ABOUT THIS TASK:
Repeat the data word for word and skip the pictures.

SOURCE MATERIAL:
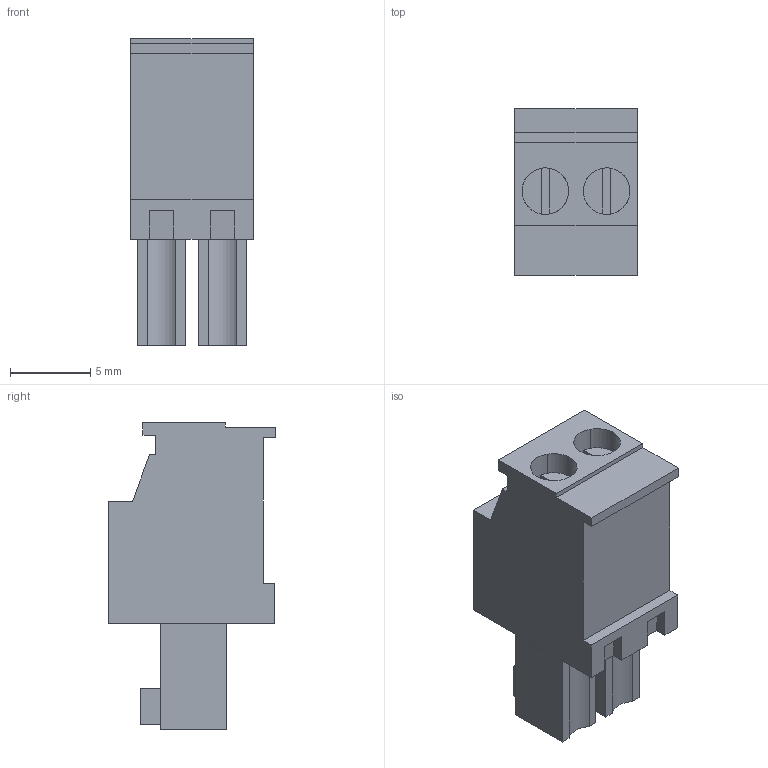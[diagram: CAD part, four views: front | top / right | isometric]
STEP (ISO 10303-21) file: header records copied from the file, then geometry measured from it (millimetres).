
FILE_DESCRIPTION(('CATIA V5 STEP Exchange','CAx-IF Rec.Pracs.--- Model Styling and Organization---1.2---2011-12-15'),'2;1');
FILE_NAME ('D1456421_0_1798500000_1798500000.stp','2017-04-12T06:57:11+00:00',('none'),('Weidmueller'),'CATIA Version 5-6 Release 2014','CATIA V5 STEP AP214','none');
FILE_SCHEMA(('AUTOMOTIVE_DESIGN { 1 0 10303 214 1 1 1 1 }'));
Length unit declared in the file: millimetre
Products named in the file (1): 1798500000
Bounding box: 7.62 x 10.4 x 19.1 mm (x, y, z)
Volume: 936.4 mm3; surface area: 946.8 mm2
Topology: 3 solids, 3 shells, 100 faces, 256 edges, 172 vertices
Faces by surface type: plane 86, cylinder 14
Entity records: 3052 total; most frequent: CARTESIAN_POINT 542, ORIENTED_EDGE 512, DIRECTION 434, EDGE_CURVE 256, VECTOR 220, LINE 220, VERTEX_POINT 172, AXIS2_PLACEMENT_3D 124

FINISHED TASK:
[diagram: CAD part, four views: front | top / right | isometric]
STEP (ISO 10303-21) file: header records copied from the file, then geometry measured from it (millimetres).
FILE_DESCRIPTION(('CATIA V5 STEP Exchange','CAx-IF Rec.Pracs.--- Model Styling and Organization---1.2---2011-12-15'),'2;1');
FILE_NAME ('D1456421_0_1798500000_1798500000.stp','2017-04-12T06:57:11+00:00',('none'),('Weidmueller'),'CATIA Version 5-6 Release 2014','CATIA V5 STEP AP214','none');
FILE_SCHEMA(('AUTOMOTIVE_DESIGN { 1 0 10303 214 1 1 1 1 }'));
Length unit declared in the file: millimetre
Products named in the file (1): 1798500000
Bounding box: 7.62 x 10.4 x 19.1 mm (x, y, z)
Volume: 936.4 mm3; surface area: 946.8 mm2
Topology: 3 solids, 3 shells, 100 faces, 256 edges, 172 vertices
Faces by surface type: plane 86, cylinder 14
Entity records: 3052 total; most frequent: CARTESIAN_POINT 542, ORIENTED_EDGE 512, DIRECTION 434, EDGE_CURVE 256, VECTOR 220, LINE 220, VERTEX_POINT 172, AXIS2_PLACEMENT_3D 124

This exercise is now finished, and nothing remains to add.